Compile defines the loss function, the optimizer, and the metrics. That's all. It has nothing to do with the weights, and we can compile a model as many times as we want without causing any problem to pretrained weights.

PLAINTEXT

model.compile(optimizer=Adam(lr=0.00005), loss = 'binary_crossentropy', metrics=['accuracy'])

Trains the model for a fixed number of epochs (iterations on a dataset).

PYTHON

history = model.fit(X_train, y_train, epochs=epochs, validation_data=(X_test, y_test), verbose=1)

OUTPUT

...
Epoch 46/50
15/15 [==============================] - 0s 6ms/step - loss: 0.1054 - accuracy: 0.9560 - val_loss: 0.1064 - val_accuracy: 0.9649
Epoch 47/50
15/15 [==============================] - 0s 6ms/step - loss: 0.1373 - accuracy: 0.9473 - val_loss: 0.1074 - val_accuracy: 0.9649
Epoch 48/50
15/15 [==============================] - 0s 7ms/step - loss: 0.1078 - accuracy: 0.9538 - val_loss: 0.1068 - val_accuracy: 0.9649
Epoch 49/50
15/15 [==============================] - 0s 6ms/step - loss: 0.0896 - accuracy: 0.9648 - val_loss: 0.1060 - val_accuracy: 0.9649
Epoch 50/50
15/15 [==============================] - 0s 6ms/step - loss: 0.0927 - accuracy: 0.9648 - val_loss: 0.1047 - val_accuracy: 0.9649

PYTHON

def plot_learningCurve(history, epoch):
  # Plot training & validation accuracy values
  epoch_range = range(1, epoch+1)
  plt.plot(epoch_range, history.history['accuracy'])
  plt.plot(epoch_range, history.history['val_accuracy'])
  plt.title('Model accuracy')
  plt.ylabel('Accuracy')
  plt.xlabel('Epoch')
  plt.legend(['Train', 'Val'], loc='upper left')
  plt.show()

  # Plot training & validation loss values
  plt.plot(epoch_range, history.history['loss'])
  plt.plot(epoch_range, history.history['val_loss'])
  plt.title('Model loss')
  plt.ylabel('Loss')
  plt.xlabel('Epoch')
  plt.legend(['Train', 'Val'], loc='upper left')
  plt.show()

A history object that contains all information collected during training.

PYTHON

history.history

OUTPUT

{'accuracy': [0.6197802424430847, 0.7494505643844604, 0.795604407787323, 0.8461538553237915, 0.8395604491233826, 0.8593406677246094, 0.8901098966598511, 0.8791208863258362, 0.8813186883926392, 0.9098901152610779, 0.903296709060669, 0.9230769276618958, ...]}

PYTHON

plot_learningCurve(history, epochs)

In the Model accuracy graph, validation accuracy is always greater than train accuracy, which means the model is not overfitting.

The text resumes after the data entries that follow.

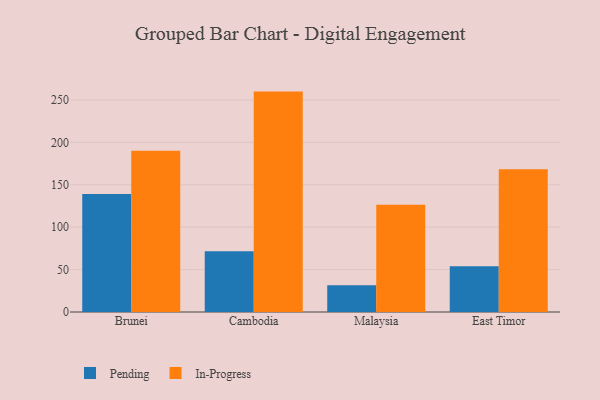
{"axis": {"x": "Country", "y": "Budget (USD K)"}, "legend": ["In-Progress", "Pending"], "data": [{"x": "Brunei", "y": 139.0, "type": "Pending"}, {"x": "Brunei", "y": 190.0, "type": "In-Progress"}, {"x": "Cambodia", "y": 71.6, "type": "Pending"}, {"x": "Cambodia", "y": 259.8, "type": "In-Progress"}, {"x": "Malaysia", "y": 31.4, "type": "Pending"}, {"x": "Malaysia", "y": 126.5, "type": "In-Progress"}, {"x": "East Timor", "y": 53.9, "type": "Pending"}, {"x": "East Timor", "y": 168.4, "type": "In-Progress"}]}
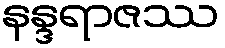
နန္ဒရာဇဿ
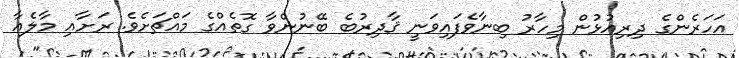
އަހަރެންގެ ދިރިއުޅުން މިހާރު ބިނާވެފައިވަނީ ޤާދިރުބެ ބޭނުންވާ ގޮތެއްގެ މައްޗަށެވެ. ރަށާއި މާލެއާ
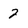
Character: 2
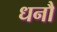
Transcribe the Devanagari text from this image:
धनौ
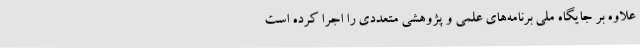
علاوه بر جایگاه ملی برنامه‌های علمی و پژوهشی متعددی را اجرا کرده است
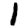
Digit: 1
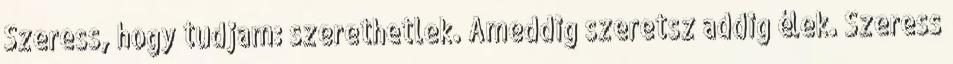
Szeress, hogy tudjam: szerethetlek. Ameddig szeretsz addig élek. Szeress
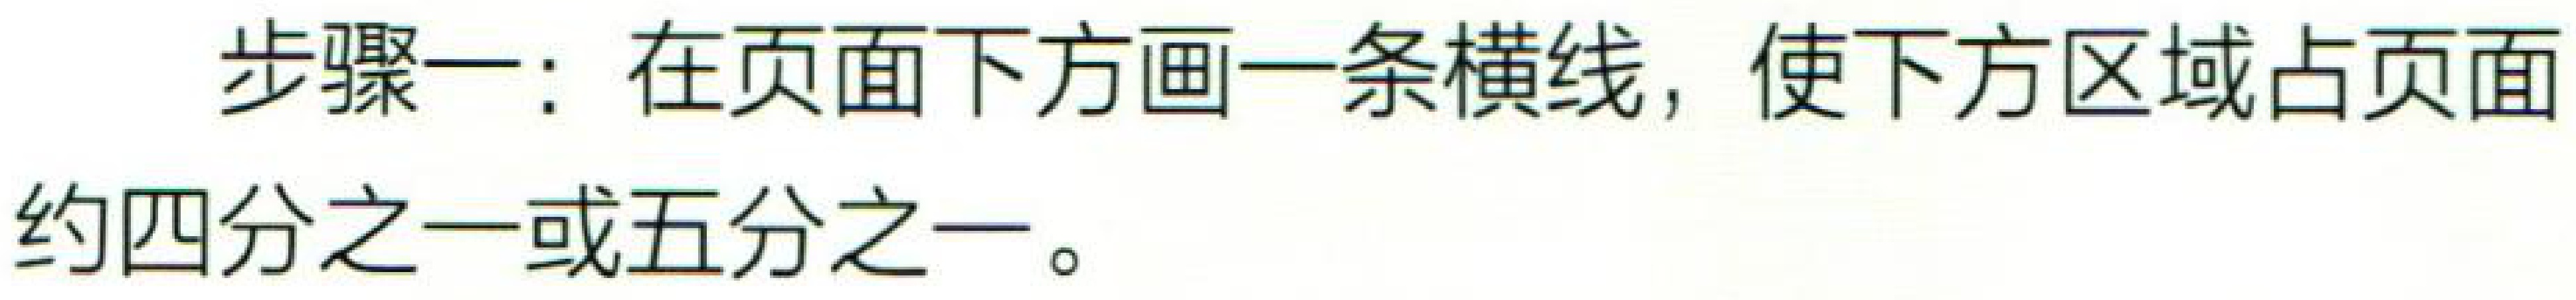
步骤一：在页面下方画一条横线，使下方区域占页面约四分之一或五分之一。
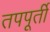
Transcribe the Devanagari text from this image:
तपपूर्ती
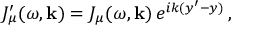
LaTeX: J _ { \mu } ^ { \prime } ( \omega , { \bf k } ) = J _ { \mu } ( \omega , { \bf k } ) \, e ^ { i k ( y ^ { \prime } - y ) } \, ,
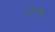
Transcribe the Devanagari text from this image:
रायबरेलीच्या
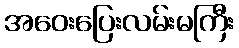
အဝေးပြေးလမ်းမကြီး
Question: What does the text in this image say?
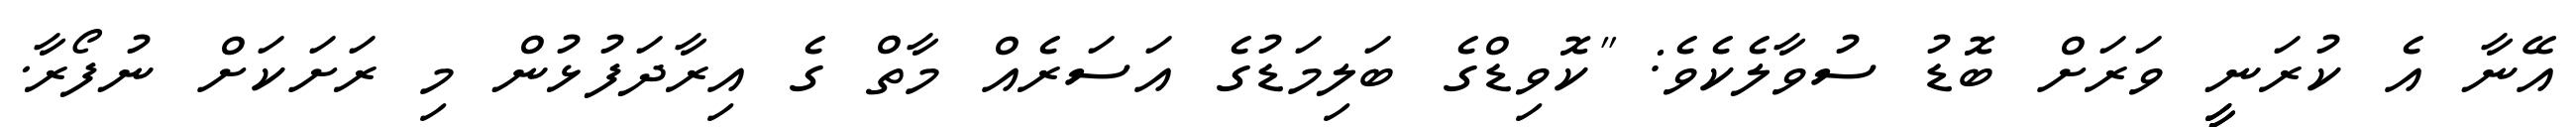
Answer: އޭނާ އެ ކުރަނީީ ވަރަށް ބޮޑު ސުވާލެކެވެ: "ކޮވިޑްގެ ބަލިމަޑުގެ އަސަރެއް މާތް ގެ އިރާދަފުޅުން މި ރަށަކަށް ނުފޯރާ.
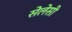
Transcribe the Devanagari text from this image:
सेलेसी
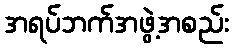
အရပ်ဘက်အဖွဲ့အစည်း
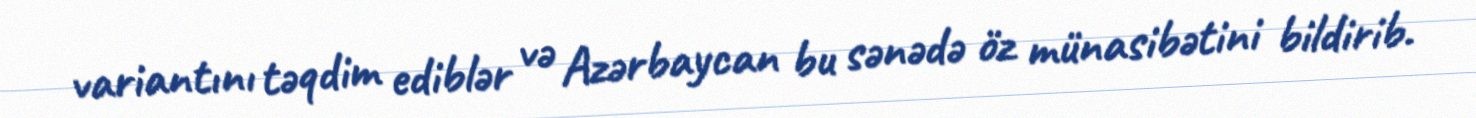
variantını təqdim ediblər və Azərbaycan bu sənədə öz münasibətini bildirib.
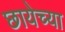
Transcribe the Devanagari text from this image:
छायेच्या
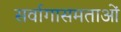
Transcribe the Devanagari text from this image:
सर्वागासमताओं
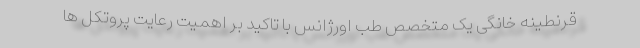
قرنطینه خانگی یک متخصص طب اورژانس با تاکید بر اهمیت رعایت پروتکل ها
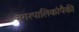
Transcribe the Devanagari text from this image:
नगरपालिकांपैकी
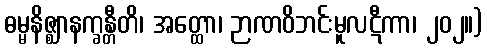
ဓမ္မနိဇ္ဈာနက္ခန္တီတိ၊ အတ္ထော၊ ဉာဏဝိဘင်းမူလဋီကာ၊ ၂၀၂။)
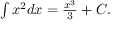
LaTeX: \textstyle \int x ^ { 2 } d x = { \frac { x ^ { 3 } } { 3 } } + C .
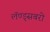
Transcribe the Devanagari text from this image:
लॅण्ड्सबरो
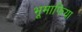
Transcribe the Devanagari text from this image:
भूमाफिया
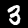
Label: 3
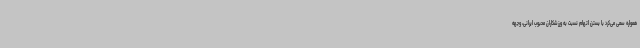
همواره سعی می‌کرد با بستن اتهام نسبت به ورزشکاران محبوب ایرانی، وجهه‌
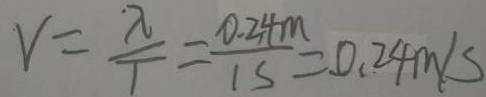
V = \frac { \lambda } { T } = \frac { 0 . 2 4 m } { 1 s } = 0 . 2 4 m / s
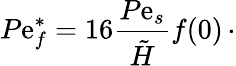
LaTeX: P\mathrm{e}_{f}^{\ast}=16\frac{{P\mathrm{e}_{s}}}{{\tilde{{H}}}}f(0)\, \cdot
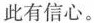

In the Model accuracy graph, validation loss is also lower than training loss. The model can keep training until validation loss rises above training loss.

The 1D CNN successfully classifies breast cancer with good generalization on the Wisconsin diagnostic dataset.

Conclusion

In this blog, we built a 1D CNN to detect breast cancer using the Wisconsin diagnostic dataset. We split 569 samples into train and test sets and applied StandardScaler normalization. The two-block convolutional model trained with Adam reached about 96.5% test accuracy in 50 epochs.

Key takeaways:

A lightweight 1D CNN with Conv1D, BatchNormalization, and Dropout can achieve strong accuracy on small medical datasets without overfitting.
BatchNormalization stabilizes training by keeping layer activations near zero mean and unit variance, which lets us use a lower learning rate safely.
Validation accuracy consistently higher than training accuracy is a healthy sign: Dropout is working as intended, and the model generalizes well to unseen samples.

Next steps:

Compare 1D CNN performance against a fully connected ANN on the same dataset in Building Your First ANN with TensorFlow 2.0.
Apply the same Conv1D approach to time-series data in Human Activity Recognition with Accelerometer Data.
Experiment with increasing epochs to 100 or adding a third convolutional block to push test accuracy closer to 98%.